I noticed that I keep seeing more Black families in town. If there are places for them to congregate, it would make it easier to connect .  Something like a POC Meet Up. The university is what draws a lot of professional Black families here.  Refugees bring some ,  and others like me migrate here because cities like Toronto ,  Vancouver and Montreal are too expensive .

Politically, I’m a liberal ,  progressive feminist and fiercely pro-Black. Kingston is a good fit for Black conservatives who make good money, want to send their kids to “good” schools and sacrifice their Black identity in the meantime .  I’m not particularly excited to meet these types, and they seem bewildered (embarrassed ? ) to see me too.

Establishing Black roots in a predominantly White town can seem fruitless at first. You never know who you’ll be connecting or what solace you are providing to an isolated Black person or family by simply organizing .

There probably won’t be Jamaican patties and barbershops blasting soca anytime soon here, but a place to feel at home is what everyone deserves .

Fear.

When you choose to be unapologetically Black ,  it shouldn’t be on a when-I-feel-like basis. You know ,  with one foot in the Eurocentric Starbucks and straighteners world; and the other raising a fist with your printed turban made ethically in Namibia. The thing is, once you stare racism in the face, you realize you are stronger than you thought.  You ask, really, is that it?

And of course,  we shouldn’t have to deal with discrimination and have our warrior shield on 24/7. But being charged higher car insurance in a Black neighbourhood,  getting stopped by police yet not having police assist or side with you when you need help , and being told “Go back to Africa, you f—– n—–r” are part of the parcel of being melanated,  at least while white supremacy is still the order of the day.

I’m not saying we should accept abuse, ostracism and blatant racial harassment and profiling .  I’m saying we need to be fearless .  We need to be strong. Because white supremacy is fear, hatred and evilness wrapped in a white suburban house with a picket fence and a little Retriever in the front. It’s in every institution that was not created by and for Black people .

 

And until we can put away our armour for good, we must not fear.

Religion vs Revolution

I joined a church this summer after being invited by my Kenyan hair braider. She is in fire for the Lord, and I only went because we live in a racist, rural town and I was desperate to see Black faces. There were Black children for my son to interact with, and not only were the pews filled with Kente cloth and dashiki-clad families, the pastor was Jamaican.

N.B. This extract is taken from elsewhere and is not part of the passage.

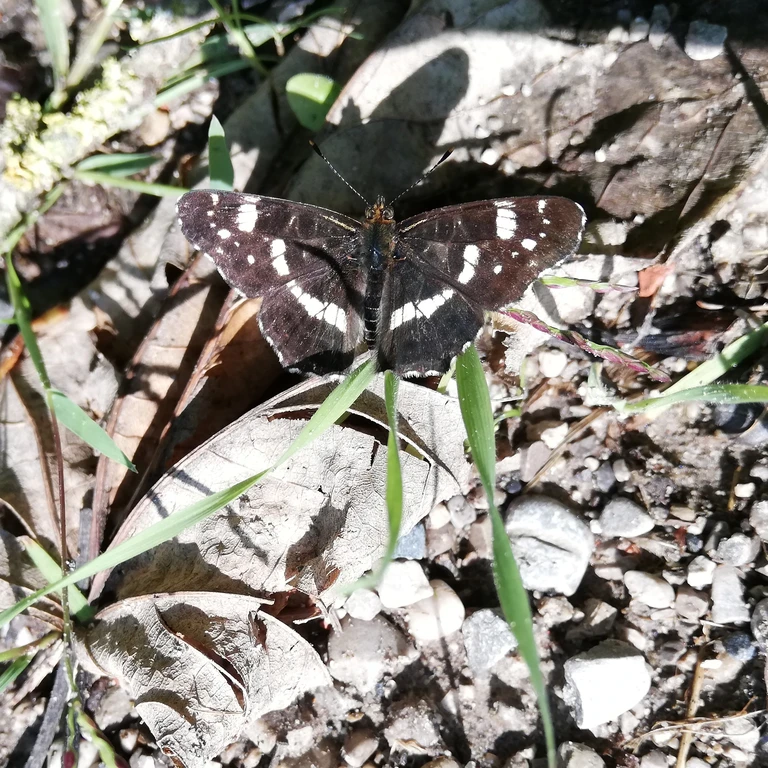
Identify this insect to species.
Araschnia levana

I’m from a Christian family, like most West Indians but as an adult I am highly critical of the church and it’s role in maintaining Black oppression. The church could be a revolutionary place. But instead of touching on freedom from white supremacy, it only speaks of a better life in Heaven…not on this earth. Great way to pacify the masses, pastor.

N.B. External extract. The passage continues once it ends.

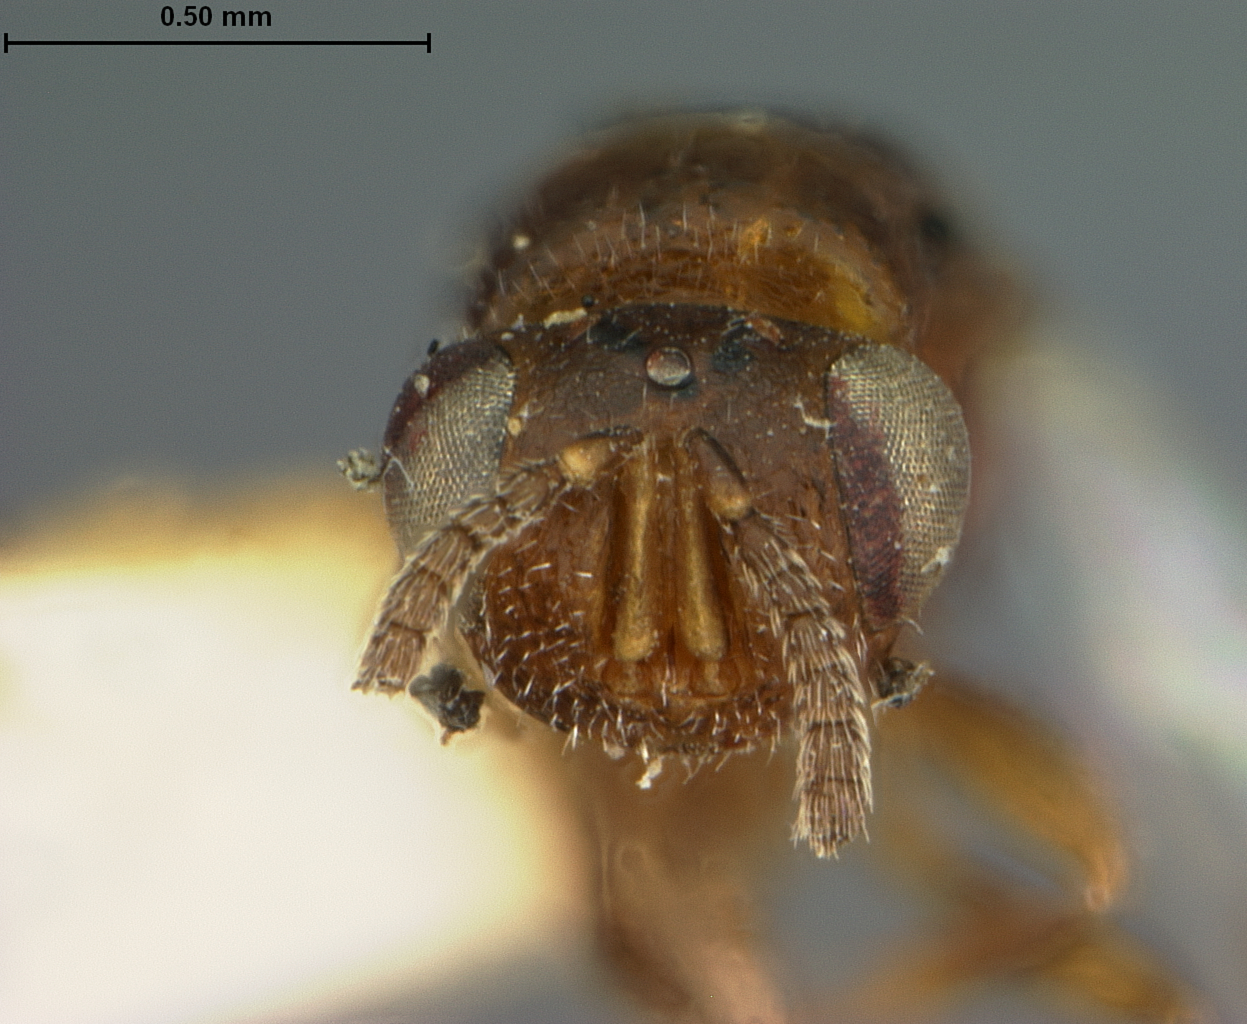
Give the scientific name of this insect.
Decatoma bicolor

However, in the church there is Black pride. There are more married Black families and college students. There are more natural hairdos. There is more respect for one another. So I do not dismiss the church as a place for revolutionary work. Perhaps you can meet a compatriot there, a future spouse or an acquaintance who furthers your economic growth. And if not, it never hurts to have God on your side!